Fans of old school retro boss battles will fall in love with Shank 2 as boss battles have a nice place in the Shank reality. As with many original boss battles, you must find and follow the patterns of the main boss while sometimes having the deal with the annoying boss minions who will oftentimes impede on your success. During some boss battles when you find you have the upper-hand, instead of adding a more traditional quick time event sequence, Klei opted to adds an eye-popping action cut-scene which mirrors the games progressive cutscenes, then throws you right back into the gameplay action. You have to experience it as it offers a great action-cinematic touch.

Despite dying often when fighting the games more difficult bosses, I never wanted to put down the controller. All the boss battles varied which offers a unique blend in how you approach each new threat. Mini-bosses are mainly steroid induced grunts or overweight and sometimes out of breathe grunts who are able to grab, charge and drop their fat gut on top of you as they take to the sky hoping to flatten you. From regular military grunts sporting knives and guns, bigger enemies inflicting more damage to battling woman in bikinis or even nurses with sai blades or even the annoying cat-like quick midget enemies, Shank has his hands full, but of course this is nothing he can’t handle.

The games campaign consists of eight chapters all of which are unique offering a beautifully detailed 3D rendered background making each chapter locale appear believable in it’s artful comic setting. Shank 2 completely jumps at you from within what seems like a graphic novel come to life. Bringing it all together as mentioned before, Klei bridges each chapter with great cut-scenes driving the story forward.

Eventually you are introduced to Corina, Shanks childhood friend from the orphange they grew up in who also becomes a playable character who is more swift and agile than Shank. While Shank can wield his handy machete or trusted chainsaw, Corina can sport a ninja sword or scythe. Players wanting to feel a bit more elusive will enjoy the use of Corina on the killing field of course. There are also unlockables and other gameplay incentives such as acquiring new skins to help add to your Shank bravado. Unlockables are accessible when certain gameplay achievements are accomplished such as downing sixty enemies with counter pistols kills or twenty counter baseball bat kills. By completing the campaign on normal or hard, the games only two difficulties, players are also rewarded access to those skin specific unlockables.

There are also unlockable which can only be accessed by performing specific feats in the games added new online and offline cooperative survival mode. In survival mode players work together to down enemies in an effort to keep them from blowing up supply stations. Enemies come at you in waves and the longer you survive the tougher the enemies thrown at you become. Once both of you are dead or your supply stations are destroyed it’s game over.
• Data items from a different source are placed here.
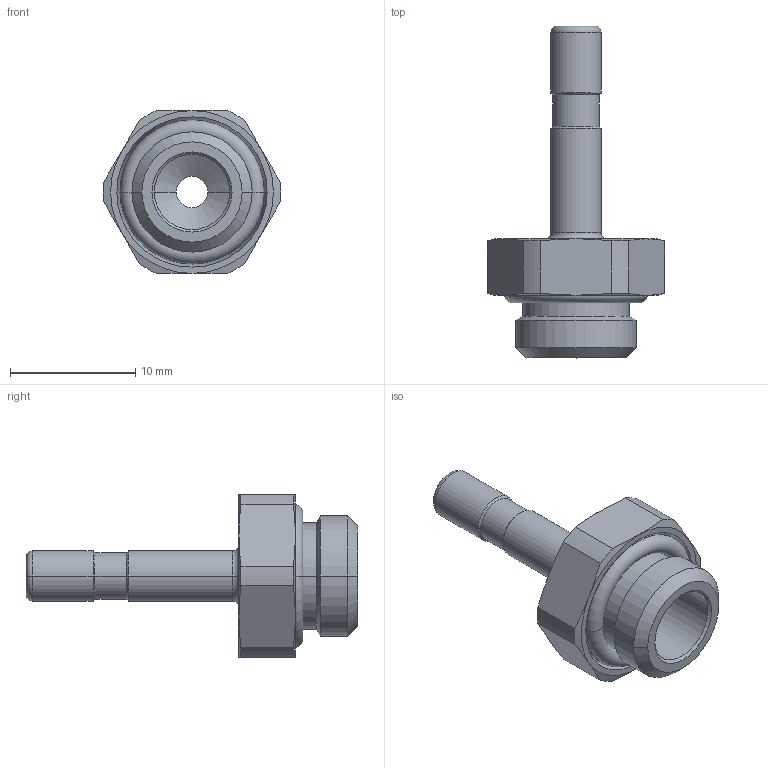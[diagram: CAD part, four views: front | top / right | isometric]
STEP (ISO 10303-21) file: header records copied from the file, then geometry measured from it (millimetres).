
FILE_DESCRIPTION((''),'2;1');
FILE_NAME('mxm.38.04.18',(''),('sopra-pneumatic'),'PRO/ENGINEER BY PARAMETRIC TECHNOLOGY CORPORATION, 2015110','PRO/ENGINEER BY PARAMETRIC TECHNOLOGY CORPORATION, 2015110','');
FILE_SCHEMA(('CONFIG_CONTROL_DESIGN'));
Length unit declared in the file: millimetre
Products named in the file (1): 383806B_908X4-4FF-1-8
Bounding box: 14.19 x 26.5 x 13 mm (x, y, z)
Volume: 887.3 mm3; surface area: 1300.6 mm2
Topology: 2 solids, 2 shells, 69 faces, 148 edges, 84 vertices
Faces by surface type: cone 28, cylinder 20, plane 11, torus 10
Entity records: 1918 total; most frequent: CARTESIAN_POINT 371, DIRECTION 344, ORIENTED_EDGE 296, AXIS2_PLACEMENT_3D 151, EDGE_CURVE 148, VERTEX_POINT 84, CIRCLE 82, EDGE_LOOP 74

Thankfully survival mode doesn’t feel tacked on and plays as a great added incentive to keep you playing long after you’ve completed the campaign.

Klei Entertainment has packed Shank 2 with all the great gameplay you remember for the original Shank with a dose of ‘BETTER’ on all fronts. While I would have liked a longer campaign, for only $9.99 I’m still scratching my head at the experience. With the added Carlos Santana like soundtrack I need in my ride, Shank 2 raises the bar for the 2D action/platforming genre in a big way. Easily one of the best action DLC titles in recent years.